_Extracted information_
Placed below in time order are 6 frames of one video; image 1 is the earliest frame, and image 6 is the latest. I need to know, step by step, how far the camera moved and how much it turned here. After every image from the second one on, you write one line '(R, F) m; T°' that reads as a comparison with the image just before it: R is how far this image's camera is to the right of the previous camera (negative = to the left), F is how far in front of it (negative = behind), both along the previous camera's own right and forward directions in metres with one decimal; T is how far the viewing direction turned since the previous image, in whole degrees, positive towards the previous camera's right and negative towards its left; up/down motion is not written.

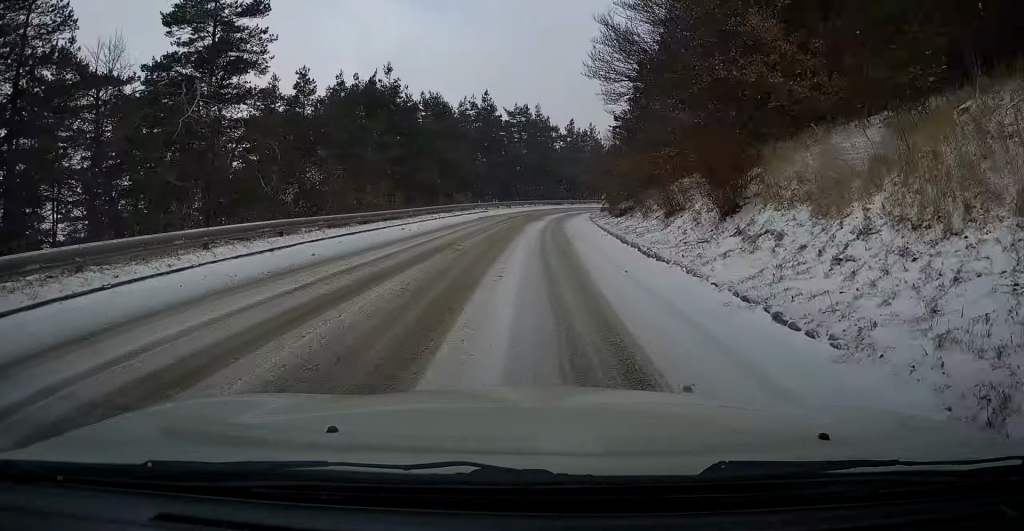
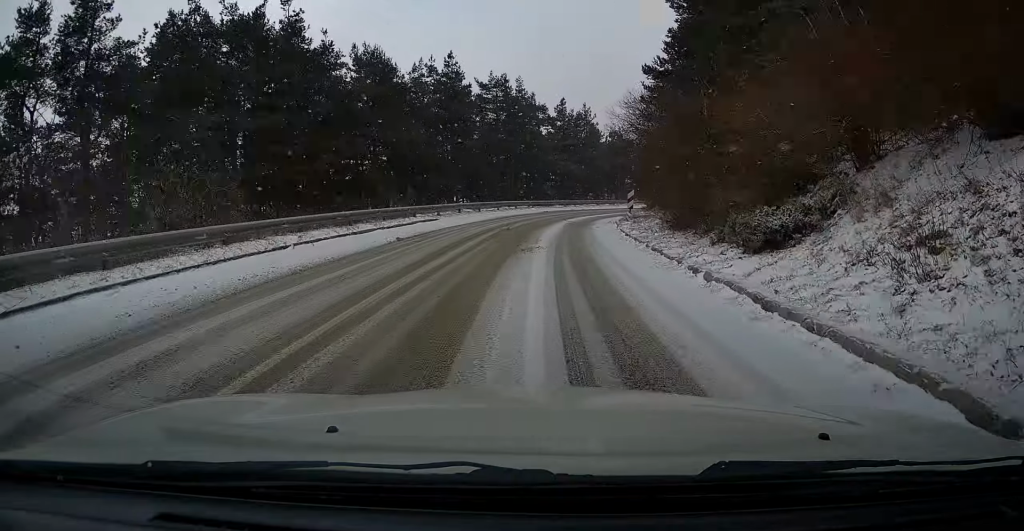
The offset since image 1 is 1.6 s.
(+0.5, +19.5) m; +3°
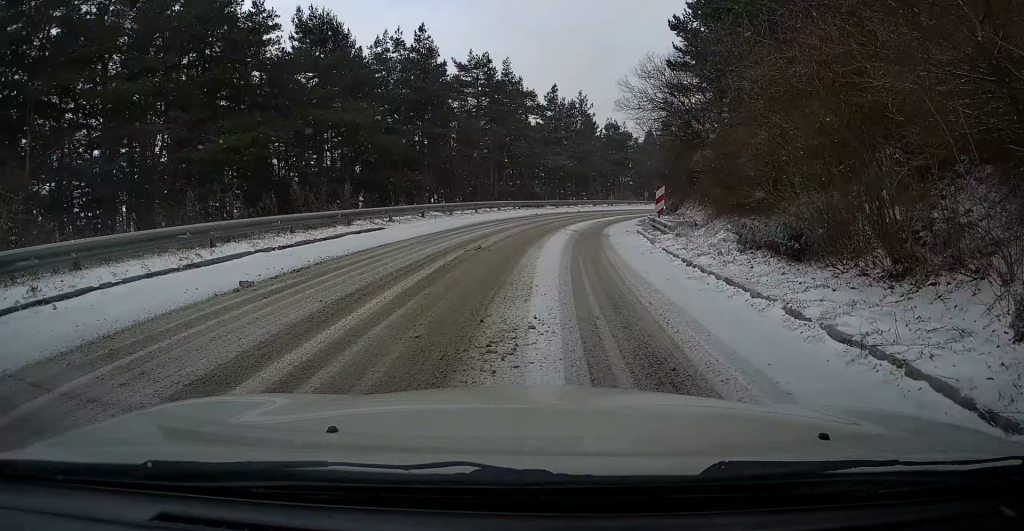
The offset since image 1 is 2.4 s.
(-0.1, +8.9) m; +1°
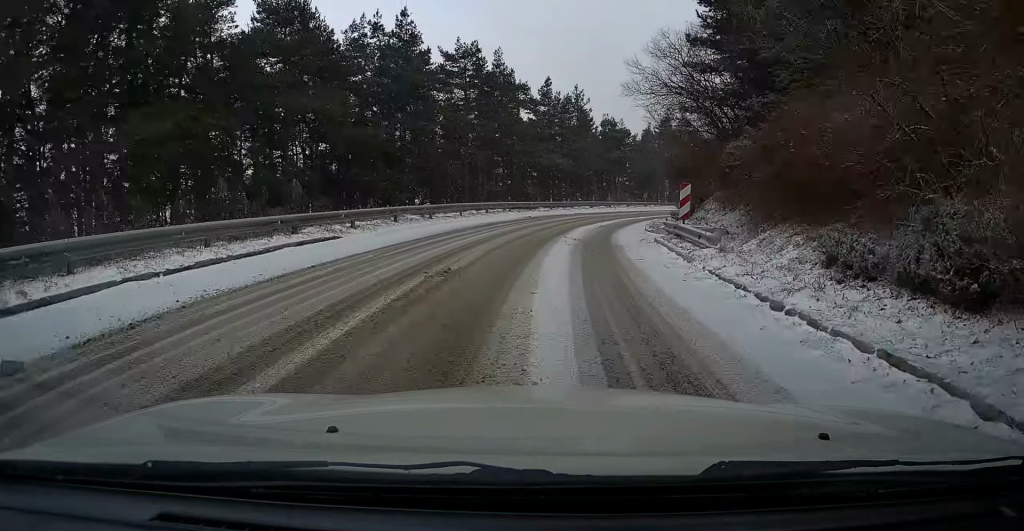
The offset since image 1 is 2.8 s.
(0.0, +4.3) m; +1°
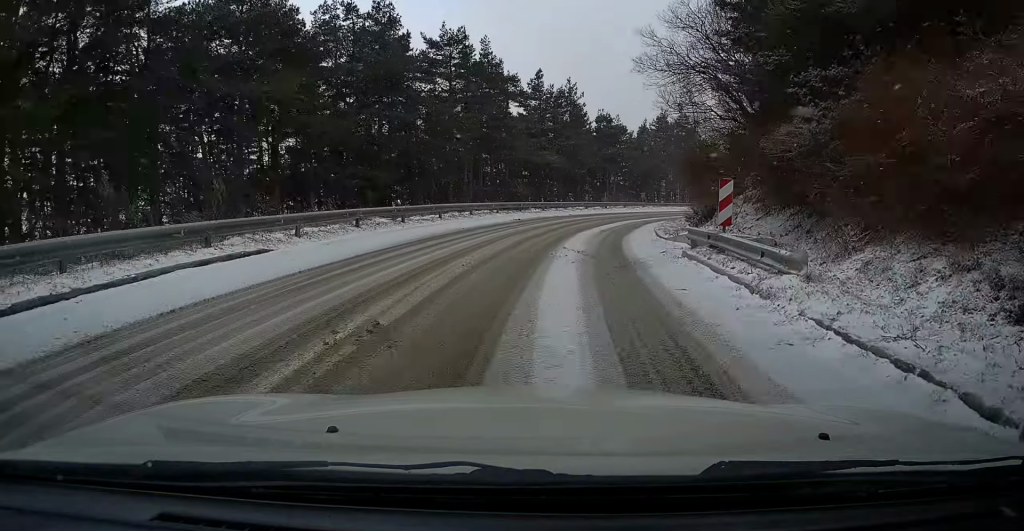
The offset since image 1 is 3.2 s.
(+0.1, +4.2) m; +1°
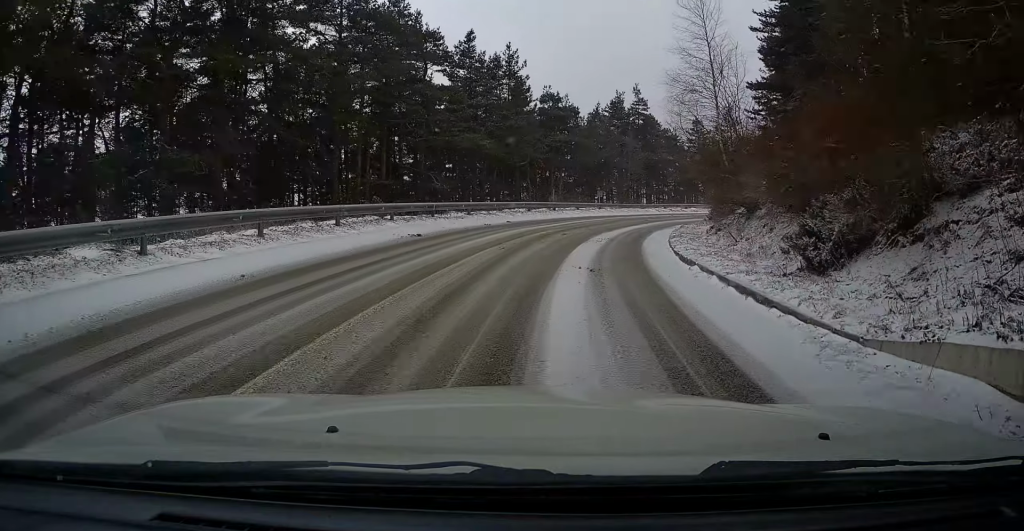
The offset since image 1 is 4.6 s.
(+0.4, +13.7) m; +5°

_What you are asked to do_
Please transcribe exactly the lines from the one that contains "The offset since image 1 is 3.2 s." through the closing line of the entries, with no pictures.

_Exercise solution_
The offset since image 1 is 3.2 s.
(+0.1, +4.2) m; +1°
The offset since image 1 is 4.6 s.
(+0.4, +13.7) m; +5°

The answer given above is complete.